I will be vacationing in this area later this month. Thinking of taking my bike and was wondering about riding in this area, clubs, etc. Does anyone have any suggestions and/or comments. Would be greatly appreciated.


----------



## Sadlebred (Nov 19, 2002)

This has been discussed before. Do a search.


----------



## mike502 (Feb 6, 2005)

Sadlebred said:


> This has been discussed before. Do a search.


Thanks for the uplifting reply. I guess I could of done a search; but, just thought about feedback from you "wonderful" folks. Hopefully, you don't live in that area.


----------



## cyclodawg (Jul 1, 2003)

mike502 said:


> I will be vacationing in this area later this month. Thinking of taking my bike and was wondering about riding in this area, clubs, etc. Does anyone have any suggestions and/or comments. Would be greatly appreciated.


It's all flat, but scenic. You can get some climbs on the bridges connecting causeways, but that's it. There is a LBS on St Simons, but I'm not real familiar with it. It's in one of the shopping centers at the main intersection of the island. 

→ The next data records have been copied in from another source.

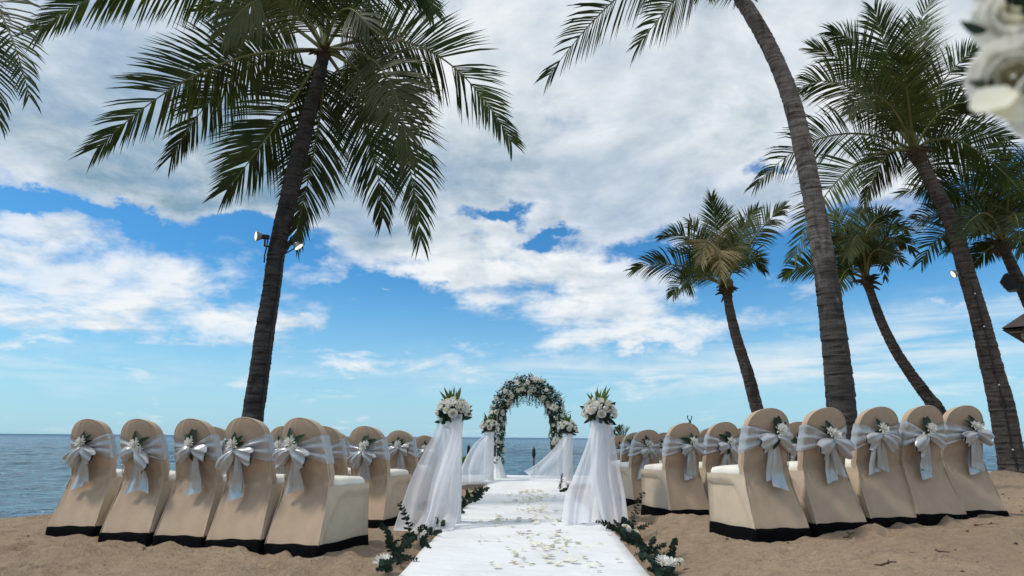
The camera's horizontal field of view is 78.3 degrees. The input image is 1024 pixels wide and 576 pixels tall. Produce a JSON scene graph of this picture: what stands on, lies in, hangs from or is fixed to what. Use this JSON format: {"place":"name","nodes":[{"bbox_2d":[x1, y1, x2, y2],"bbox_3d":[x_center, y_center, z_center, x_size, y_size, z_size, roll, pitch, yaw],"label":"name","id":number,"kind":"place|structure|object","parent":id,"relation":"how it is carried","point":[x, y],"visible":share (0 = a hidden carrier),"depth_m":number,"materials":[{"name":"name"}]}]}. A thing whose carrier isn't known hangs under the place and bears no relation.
{"place":"outdoors","nodes":[
{"label":"outdoors","id":0,"kind":"place"},
{"bbox_2d":[0,470,1023,575],"bbox_3d":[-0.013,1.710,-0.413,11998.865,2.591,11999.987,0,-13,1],"label":"beach sand","id":1,"kind":"structure","parent":0,"point":[991,549],"depth_m":4.14,"materials":[{"name":"beige sand"}]},
{"bbox_2d":[0,0,48,138],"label":"coconut palm","id":2,"kind":"object","parent":1,"relation":"on","point":[13,59],"visible":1,"depth_m":7.95,"materials":[{"name":"green plant"}]},
{"bbox_2d":[45,419,123,536],"bbox_3d":[-3.530,1.645,5.441,0.479,0.989,0.638,-5,-15,12],"label":"covered chair","id":3,"kind":"object","parent":1,"relation":"on","point":[83,507],"visible":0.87,"depth_m":5.26,"materials":[{"name":"beige fabric"}]},
{"bbox_2d":[98,419,175,546],"bbox_3d":[-2.910,1.576,5.143,0.480,0.989,0.635,-6,-14,15],"label":"covered chair","id":4,"kind":"object","parent":1,"relation":"on","point":[138,506],"visible":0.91,"depth_m":4.95,"materials":[{"name":"beige fabric"}]},
{"bbox_2d":[152,418,226,547],"bbox_3d":[-2.406,1.544,4.999,0.479,0.989,0.640,-6,-14,18],"label":"covered chair","id":5,"kind":"object","parent":1,"relation":"on","point":[190,510],"visible":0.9,"depth_m":4.81,"materials":[{"name":"beige fabric"}]},
{"bbox_2d":[214,427,225,453],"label":"covered chair","id":6,"kind":"object","parent":1,"relation":"on","point":[220,432],"visible":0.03,"depth_m":6.89,"materials":[{"name":"beige fabric"}]},
{"bbox_2d":[205,417,283,554],"bbox_3d":[-1.920,1.500,4.808,0.479,0.989,0.637,-7,-16,17],"label":"covered chair","id":7,"kind":"object","parent":1,"relation":"on","point":[250,498],"visible":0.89,"depth_m":4.63,"materials":[{"name":"beige fabric"}]},
{"bbox_2d":[12,0,525,421],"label":"coconut palm","id":8,"kind":"object","parent":1,"relation":"on","point":[363,62],"visible":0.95,"depth_m":9.35,"materials":[{"name":"green plant"}]},
{"bbox_2d":[254,231,269,246],"bbox_3d":[-3.512,-0.688,8.888,0.241,0.188,0.144,12,-18,-41],"label":"spotlight","id":9,"kind":"object","parent":8,"relation":"attached to","point":[258,236],"visible":0.98,"depth_m":8.85,"materials":[{"name":"black metal"}]},
{"bbox_2d":[264,239,267,262],"bbox_3d":[-3.481,-0.522,8.902,0.024,0.291,0.210,7,-15,-27],"label":"cable","id":10,"kind":"object","parent":8,"relation":"attached to","point":[265,250],"visible":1,"depth_m":8.89,"materials":[{"name":"black rubber"}]},
{"bbox_2d":[259,247,293,420],"bbox_3d":[-3.228,0.931,8.592,0.294,3.143,0.054,-3,-14,14],"label":"cable","id":11,"kind":"object","parent":8,"relation":"attached to","point":[271,333],"visible":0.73,"depth_m":8.68,"materials":[{"name":"black rubber"}]},
{"bbox_2d":[283,236,302,249],"bbox_3d":[-3.127,-0.630,8.931,0.348,0.208,0.140,-2,-14,9],"label":"spotlight","id":12,"kind":"object","parent":8,"relation":"attached to","point":[297,245],"visible":1,"depth_m":8.88,"materials":[{"name":"black metal"}]},
{"bbox_2d":[271,426,284,473],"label":"covered chair","id":13,"kind":"object","parent":1,"relation":"on","point":[276,432],"visible":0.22,"depth_m":6.49,"materials":[{"name":"beige fabric"}]},
{"bbox_2d":[263,417,368,557],"bbox_3d":[-1.428,1.465,4.643,0.480,0.989,0.642,-8,-15,22],"label":"covered chair","id":14,"kind":"object","parent":1,"relation":"on","point":[322,509],"visible":1,"depth_m":4.48,"materials":[{"name":"beige fabric"}]},
{"bbox_2d":[323,426,350,475],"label":"covered chair","id":15,"kind":"object","parent":1,"relation":"on","point":[339,450],"visible":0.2,"depth_m":6.26,"materials":[{"name":"beige fabric"}]},
{"bbox_2d":[341,433,350,467],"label":"covered chair","id":16,"kind":"object","parent":1,"relation":"on","point":[347,446],"visible":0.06,"depth_m":8.16,"materials":[{"name":"beige fabric"}]},
{"bbox_2d":[346,426,411,527],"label":"covered chair","id":17,"kind":"object","parent":1,"relation":"on","point":[368,459],"visible":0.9,"depth_m":6.03,"materials":[{"name":"beige fabric"}]},
{"bbox_2d":[387,430,418,475],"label":"covered chair","id":18,"kind":"object","parent":1,"relation":"on","point":[403,450],"visible":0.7,"depth_m":7.77,"materials":[{"name":"beige fabric"}]},
{"bbox_2d":[415,435,431,462],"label":"covered chair","id":19,"kind":"object","parent":1,"relation":"on","point":[422,442],"visible":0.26,"depth_m":9.46,"materials":[{"name":"beige fabric"}]},
{"bbox_2d":[372,485,489,572],"bbox_3d":[-0.682,2.546,7.652,0.520,0.447,8.226,0,-13,1],"label":"eucalyptus garland","id":20,"kind":"object","parent":1,"relation":"on","point":[385,562],"visible":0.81,"depth_m":4.69,"materials":[{"name":"green plant"}]},
{"bbox_2d":[461,479,566,518],"bbox_3d":[0.215,3.115,9.268,1.513,0.189,6.248,0,-13,1],"label":"aisle carpet","id":21,"kind":"object","parent":1,"relation":"on","point":[490,503],"visible":0.63,"depth_m":8.75,"materials":[{"name":"white fabric"}]},
{"bbox_2d":[558,473,567,491],"bbox_3d":[0.873,3.466,11.183,0.164,0.340,0.472,-3,-14,16],"label":"eucalyptus garland","id":22,"kind":"object","parent":21,"relation":"on","point":[563,489],"visible":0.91,"depth_m":11.22,"materials":[{"name":"green plant"}]},
{"bbox_2d":[462,475,570,489],"bbox_3d":[0.321,4.020,12.900,3.538,0.240,2.140,0,-13,1],"label":"stage","id":23,"kind":"object","parent":1,"relation":"on","point":[483,483],"visible":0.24,"depth_m":12.55,"materials":[{"name":"white carpet"}]},
{"bbox_2d":[484,432,493,480],"bbox_3d":[-0.448,3.271,12.208,0.201,0.946,0.202,0,-13,1],"label":"pedestal","id":24,"kind":"object","parent":23,"relation":"on","point":[491,478],"visible":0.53,"depth_m":12.15,"materials":[{"name":"white fabric"}]},
{"bbox_2d":[462,435,492,484],"bbox_3d":[-0.664,3.254,11.947,0.654,0.922,0.211,5,-14,-19],"label":"tulle drape","id":25,"kind":"object","parent":24,"relation":"hanging from","point":[477,465],"visible":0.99,"depth_m":11.93,"materials":[{"name":"white fabric"}]},
{"bbox_2d":[479,413,499,433],"bbox_3d":[-0.436,2.655,12.349,0.411,0.427,0.420,0,-13,1],"label":"flower arrangement","id":26,"kind":"object","parent":24,"relation":"on","point":[489,424],"visible":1,"depth_m":12.26,"materials":[{"name":"white plant"}]},
{"bbox_2d":[562,433,572,480],"bbox_3d":[1.089,3.314,12.295,0.201,0.926,0.202,0,-13,1],"label":"pedestal","id":27,"kind":"object","parent":23,"relation":"on","point":[569,477],"visible":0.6,"depth_m":12.16,"materials":[{"name":"white fabric"}]},
{"bbox_2d":[524,436,572,478],"bbox_3d":[0.718,3.229,12.037,0.984,0.794,0.137,3,-14,-10],"label":"tulle drape","id":28,"kind":"object","parent":27,"relation":"hanging from","point":[556,461],"visible":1,"depth_m":12.01,"materials":[{"name":"white fabric"}]},
{"bbox_2d":[555,414,578,435],"bbox_3d":[1.100,2.689,12.450,0.446,0.448,0.410,6,-14,-23],"label":"flower arrangement","id":29,"kind":"object","parent":27,"relation":"on","point":[567,425],"visible":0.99,"depth_m":12.36,"materials":[{"name":"white plant"}]},
{"bbox_2d":[399,519,649,575],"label":"aisle carpet","id":30,"kind":"object","parent":1,"relation":"on","point":[459,549],"visible":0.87,"depth_m":4.48,"materials":[{"name":"white fabric"}]},
{"bbox_2d":[444,421,462,522],"bbox_3d":[-0.591,1.814,6.162,0.207,1.001,0.208,0,-13,1],"label":"pedestal","id":31,"kind":"object","parent":30,"relation":"on","point":[447,424],"visible":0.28,"depth_m":6.13,"materials":[{"name":"white fabric"}]},
{"bbox_2d":[393,418,460,530],"bbox_3d":[-0.758,1.679,5.822,0.526,0.986,0.669,0,-13,1],"label":"tulle drape","id":32,"kind":"object","parent":31,"relation":"hanging from","point":[415,501],"visible":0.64,"depth_m":5.84,"materials":[{"name":"white fabric"}]},
{"bbox_2d":[421,414,461,530],"bbox_3d":[-0.668,1.650,5.748,0.158,1.008,0.707,-4,-14,19],"label":"tulle drape","id":33,"kind":"object","parent":31,"relation":"hanging from","point":[443,470],"visible":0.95,"depth_m":5.83,"materials":[{"name":"white fabric"}]},
{"bbox_2d":[435,388,472,424],"bbox_3d":[-0.583,1.173,6.308,0.397,0.388,0.418,0,-13,1],"label":"flower arrangement","id":34,"kind":"object","parent":31,"relation":"on","point":[451,405],"visible":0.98,"depth_m":6.22,"materials":[{"name":"white plant"}]},
{"bbox_2d":[27,494,1023,571],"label":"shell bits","id":35,"kind":"object","parent":1,"relation":"on","point":[726,538],"visible":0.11,"depth_m":4.50,"materials":[{"name":"white"}]},
{"bbox_2d":[489,373,570,478],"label":"flower arch","id":36,"kind":"structure","parent":1,"relation":"on","point":[521,387],"depth_m":13.19,"materials":[{"name":"white plant"}]},
{"bbox_2d":[532,447,535,465],"bbox_3d":[0.635,5.209,18.281,0.112,1.147,0.112,0,-13,1],"label":"torch post","id":37,"kind":"object","parent":1,"relation":"on","point":[533,453],"visible":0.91,"depth_m":18.32,"materials":[{"name":"black paint"}]},
{"bbox_2d":[589,421,605,521],"bbox_3d":[0.903,1.881,6.420,0.207,1.021,0.208,0,-13,1],"label":"pedestal","id":38,"kind":"object","parent":1,"relation":"on","point":[596,514],"visible":0.2,"depth_m":6.27,"materials":[{"name":"white fabric"}]},
{"bbox_2d":[562,419,602,524],"bbox_3d":[0.675,1.757,6.167,0.279,1.022,0.551,-7,-15,29],"label":"tulle drape","id":39,"kind":"object","parent":38,"relation":"hanging from","point":[578,502],"visible":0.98,"depth_m":6.14,"materials":[{"name":"white fabric"}]},
{"bbox_2d":[580,386,618,424],"bbox_3d":[0.904,1.222,6.573,0.394,0.412,0.428,0,-13,1],"label":"flower arrangement","id":40,"kind":"object","parent":38,"relation":"on","point":[602,407],"visible":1,"depth_m":6.48,"materials":[{"name":"white plant"}]},
{"bbox_2d":[591,415,627,525],"bbox_3d":[0.946,1.760,6.167,0.357,1.021,0.374,6,-14,-22],"label":"tulle drape","id":41,"kind":"object","parent":38,"relation":"hanging from","point":[607,484],"visible":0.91,"depth_m":6.24,"materials":[{"name":"white fabric"}]},
{"bbox_2d":[614,435,624,459],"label":"covered chair","id":42,"kind":"object","parent":1,"relation":"on","point":[618,439],"visible":0.19,"depth_m":11.32,"materials":[{"name":"beige fabric"}]},
{"bbox_2d":[613,424,629,436],"bbox_3d":[2.811,4.214,16.163,0.943,1.468,1.182,0,-13,1],"label":"young palm","id":43,"kind":"object","parent":1,"relation":"on","point":[618,429],"visible":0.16,"depth_m":16.45,"materials":[{"name":"green plant"}]},
{"bbox_2d":[618,432,637,462],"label":"covered chair","id":44,"kind":"object","parent":1,"relation":"on","point":[625,447],"visible":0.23,"depth_m":9.68,"materials":[{"name":"beige fabric"}]},
{"bbox_2d":[595,492,683,575],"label":"eucalyptus garland","id":45,"kind":"object","parent":1,"relation":"on","point":[663,565],"visible":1,"depth_m":4.41,"materials":[{"name":"green plant"}]},
{"bbox_2d":[618,430,660,505],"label":"covered chair","id":46,"kind":"object","parent":1,"relation":"on","point":[645,448],"visible":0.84,"depth_m":8.01,"materials":[{"name":"beige fabric"}]},
{"bbox_2d":[659,432,666,459],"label":"covered chair","id":47,"kind":"object","parent":1,"relation":"on","point":[662,436],"visible":0.05,"depth_m":9.83,"materials":[{"name":"beige fabric"}]},
{"bbox_2d":[641,423,708,515],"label":"covered chair","id":48,"kind":"object","parent":1,"relation":"on","point":[672,482],"visible":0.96,"depth_m":6.48,"materials":[{"name":"beige fabric"}]},
{"bbox_2d":[533,0,856,439],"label":"coconut palm","id":49,"kind":"object","parent":1,"relation":"on","point":[840,392],"visible":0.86,"depth_m":8.85,"materials":[{"name":"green plant"}]},
{"bbox_2d":[699,428,708,461],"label":"covered chair","id":50,"kind":"object","parent":1,"relation":"on","point":[703,433],"visible":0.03,"depth_m":8.43,"materials":[{"name":"beige fabric"}]},
{"bbox_2d":[622,188,793,412],"bbox_3d":[4.541,0.863,13.954,4.331,6.834,2.909,13,-18,-42],"label":"coconut palm","id":51,"kind":"object","parent":1,"relation":"on","point":[715,258],"visible":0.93,"depth_m":14.07,"materials":[{"name":"green plant"}]},
{"bbox_2d":[699,422,739,502],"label":"covered chair","id":52,"kind":"object","parent":1,"relation":"on","point":[721,442],"visible":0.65,"depth_m":6.68,"materials":[{"name":"beige fabric"}]},
{"bbox_2d":[707,408,811,542],"bbox_3d":[1.883,1.445,4.869,0.480,0.989,0.644,5,-15,-16],"label":"covered chair","id":53,"kind":"object","parent":1,"relation":"on","point":[752,496],"visible":0.98,"depth_m":4.71,"materials":[{"name":"beige fabric"}]},
{"bbox_2d":[787,422,801,460],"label":"covered chair","id":54,"kind":"object","parent":1,"relation":"on","point":[794,431],"visible":0.12,"depth_m":7.04,"materials":[{"name":"beige fabric"}]},
{"bbox_2d":[787,407,867,536],"bbox_3d":[2.418,1.475,5.070,0.479,0.989,0.638,4,-14,-15],"label":"covered chair","id":55,"kind":"object","parent":1,"relation":"on","point":[826,494],"visible":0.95,"depth_m":4.89,"materials":[{"name":"beige fabric"}]},
{"bbox_2d":[843,531,854,537],"bbox_3d":[2.430,1.786,4.559,0.056,0.032,0.186,-11,-18,41],"label":"twig","id":56,"kind":"object","parent":1,"relation":"on","point":[849,534],"visible":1,"depth_m":4.53,"materials":[{"name":"brown wood"}]},
{"bbox_2d":[777,202,945,415],"bbox_3d":[7.384,0.839,13.107,5.164,6.438,2.476,12,-18,-40],"label":"coconut palm","id":57,"kind":"object","parent":1,"relation":"on","point":[867,247],"visible":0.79,"depth_m":12.94,"materials":[{"name":"green plant"}]},
{"bbox_2d":[845,406,918,527],"bbox_3d":[2.958,1.503,5.256,0.479,0.989,0.645,3,-14,-12],"label":"covered chair","id":58,"kind":"object","parent":1,"relation":"on","point":[878,481],"visible":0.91,"depth_m":5.07,"materials":[{"name":"beige fabric"}]},
{"bbox_2d":[743,0,1023,473],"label":"coconut palm","id":59,"kind":"object","parent":1,"relation":"on","point":[912,111],"visible":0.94,"depth_m":12.04,"materials":[{"name":"green plant"}]},
{"bbox_2d":[950,268,964,278],"bbox_3d":[8.164,-0.252,11.445,0.471,0.169,0.181,6,-15,-23],"label":"spotlight","id":60,"kind":"object","parent":59,"relation":"attached to","point":[953,274],"visible":1,"depth_m":11.36,"materials":[{"name":"black metal"}]},
{"bbox_2d":[971,281,1017,469],"bbox_3d":[8.489,1.601,11.069,0.243,3.571,0.065,-5,-15,24],"label":"cable","id":61,"kind":"object","parent":59,"relation":"attached to","point":[996,375],"visible":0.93,"depth_m":11.07,"materials":[{"name":"black rubber"}]},
{"bbox_2d":[874,559,896,565],"bbox_3d":[2.121,1.565,3.584,0.137,0.033,0.042,4,-14,-13],"label":"twig","id":62,"kind":"object","parent":1,"relation":"on","point":[885,563],"visible":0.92,"depth_m":3.57,"materials":[{"name":"brown wood"}]},
{"bbox_2d":[898,405,968,525],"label":"covered chair","id":63,"kind":"object","parent":1,"relation":"on","point":[935,498],"visible":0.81,"depth_m":5.16,"materials":[{"name":"beige fabric"}]},
{"bbox_2d":[890,144,1023,306],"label":"coconut palm","id":64,"kind":"object","parent":1,"relation":"on","point":[998,216],"visible":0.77,"depth_m":12.62,"materials":[{"name":"green plant"}]},
{"bbox_2d":[1000,273,1023,292],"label":"floodlight","id":65,"kind":"object","parent":64,"relation":"attached to","point":[1008,283],"visible":0.98,"depth_m":12.22,"materials":[{"name":"black metal"}]},
{"bbox_2d":[941,405,1008,518],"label":"covered chair","id":66,"kind":"object","parent":1,"relation":"on","point":[967,434],"visible":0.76,"depth_m":5.35,"materials":[{"name":"beige fabric"}]},
{"bbox_2d":[1002,314,1023,342],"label":"pavilion","id":67,"kind":"structure","parent":1,"relation":"on","point":[1014,328],"depth_m":17.14,"materials":[{"name":"brown wood"}]},
{"bbox_2d":[0,434,1023,517],"bbox_3d":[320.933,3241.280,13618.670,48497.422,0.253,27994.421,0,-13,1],"label":"sea","id":68,"kind":"structure","parent":0,"point":[35,472],"depth_m":31.64,"materials":[{"name":"liquid"}]},
{"bbox_2d":[0,0,1023,441],"label":"sky","id":69,"kind":"structure","parent":0,"point":[126,295],"materials":[{"name":"blue"}]},
{"bbox_2d":[959,0,1023,137],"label":"hanging bouquet","id":70,"kind":"object","parent":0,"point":[993,86],"visible":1,"depth_m":0.87,"materials":[{"name":"white plant"}]}
]}

Traffic on the island tends to be bad, but they do have bike paths (which aren't terribly wide and you have to dodge walkers and joggers). The better riding, if you want to get out and hammer, is on the mainland. There is a nice long ride on a bike path on the causeway leading you to St Simons. You can also go over to Jeckyll Island, next door, where the traffic is not quite as bad. 

Have fun.


----------



## BikinCO (Feb 17, 2004)

mike502 said:


> Thanks for the uplifting reply. I guess I could of done a search; but, just thought about feedback from you "wonderful" folks. Hopefully, you don't live in that area.


I don't know why she even responds. It gets OLD reading "do a search" and "check my website." Blah, blah, blah!

Anyway. I live here the riding on SSI is horrible. There is a MUT that runs around/through the island and the locals do not want bikes anywhere but there. The road around Jekyll Island in 15 miles around. There are weekly rides from Fox's Pizza downtown (Thursday nights) and from Griffin Bike and Mower on (Tuesdays nights), an A group and a B group. If you want to ride alone, park at Spanky's Marshside on highway 17 take a left out of the parking lot go over the Big Bridge at the bottom take a left on the causeway to Jekyll Island. Follow the causeway past the visitor center and over the bridge to Jekyll. Do not stop at the toll both, bikes do not have to pay. Follow to the stop sign. Return the same way you came on, this will be about 24 miles round trip. If you want to add another 15, turn left at the stop sign and stay on the road all the way around the island. It will return to the toll booths. When you get to the toll booths take a left and then your first right, this will take you around the south side of the island. There are some other routes if your are interested pm me. I travle a lot but might be talked into a ride.


----------